> _WHAT YOU NEED TO DO_:
Would you repeat each line below precisely as it stands?

> _DATASET_:
********
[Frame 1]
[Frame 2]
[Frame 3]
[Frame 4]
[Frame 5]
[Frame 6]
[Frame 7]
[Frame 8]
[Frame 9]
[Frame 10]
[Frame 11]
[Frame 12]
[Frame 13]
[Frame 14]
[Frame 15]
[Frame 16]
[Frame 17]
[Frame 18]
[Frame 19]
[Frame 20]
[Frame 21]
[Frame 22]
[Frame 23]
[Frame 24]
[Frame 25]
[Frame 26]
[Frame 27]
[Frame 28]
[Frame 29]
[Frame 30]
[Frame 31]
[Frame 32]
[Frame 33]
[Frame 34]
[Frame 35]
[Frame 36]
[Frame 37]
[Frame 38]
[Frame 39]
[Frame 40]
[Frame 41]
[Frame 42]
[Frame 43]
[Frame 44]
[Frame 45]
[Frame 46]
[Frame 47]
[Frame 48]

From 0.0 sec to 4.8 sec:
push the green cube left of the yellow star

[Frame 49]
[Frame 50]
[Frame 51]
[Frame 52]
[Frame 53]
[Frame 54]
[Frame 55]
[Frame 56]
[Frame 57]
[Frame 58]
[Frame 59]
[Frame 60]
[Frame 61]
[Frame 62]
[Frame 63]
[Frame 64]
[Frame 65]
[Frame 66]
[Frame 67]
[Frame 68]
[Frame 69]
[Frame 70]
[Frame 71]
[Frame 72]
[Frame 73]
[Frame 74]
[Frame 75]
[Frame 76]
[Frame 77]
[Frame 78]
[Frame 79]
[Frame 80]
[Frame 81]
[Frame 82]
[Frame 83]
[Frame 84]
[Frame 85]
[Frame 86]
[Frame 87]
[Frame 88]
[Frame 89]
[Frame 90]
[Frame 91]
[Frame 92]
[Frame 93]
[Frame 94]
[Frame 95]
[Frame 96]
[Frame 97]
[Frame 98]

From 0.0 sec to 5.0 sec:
********
> _THE COMPLETED TASK_:
[Frame 1]
[Frame 2]
[Frame 3]
[Frame 4]
[Frame 5]
[Frame 6]
[Frame 7]
[Frame 8]
[Frame 9]
[Frame 10]
[Frame 11]
[Frame 12]
[Frame 13]
[Frame 14]
[Frame 15]
[Frame 16]
[Frame 17]
[Frame 18]
[Frame 19]
[Frame 20]
[Frame 21]
[Frame 22]
[Frame 23]
[Frame 24]
[Frame 25]
[Frame 26]
[Frame 27]
[Frame 28]
[Frame 29]
[Frame 30]
[Frame 31]
[Frame 32]
[Frame 33]
[Frame 34]
[Frame 35]
[Frame 36]
[Frame 37]
[Frame 38]
[Frame 39]
[Frame 40]
[Frame 41]
[Frame 42]
[Frame 43]
[Frame 44]
[Frame 45]
[Frame 46]
[Frame 47]
[Frame 48]

From 0.0 sec to 4.8 sec:
push the green cube left of the yellow star

[Frame 49]
[Frame 50]
[Frame 51]
[Frame 52]
[Frame 53]
[Frame 54]
[Frame 55]
[Frame 56]
[Frame 57]
[Frame 58]
[Frame 59]
[Frame 60]
[Frame 61]
[Frame 62]
[Frame 63]
[Frame 64]
[Frame 65]
[Frame 66]
[Frame 67]
[Frame 68]
[Frame 69]
[Frame 70]
[Frame 71]
[Frame 72]
[Frame 73]
[Frame 74]
[Frame 75]
[Frame 76]
[Frame 77]
[Frame 78]
[Frame 79]
[Frame 80]
[Frame 81]
[Frame 82]
[Frame 83]
[Frame 84]
[Frame 85]
[Frame 86]
[Frame 87]
[Frame 88]
[Frame 89]
[Frame 90]
[Frame 91]
[Frame 92]
[Frame 93]
[Frame 94]
[Frame 95]
[Frame 96]
[Frame 97]
[Frame 98]

From 0.0 sec to 5.0 sec:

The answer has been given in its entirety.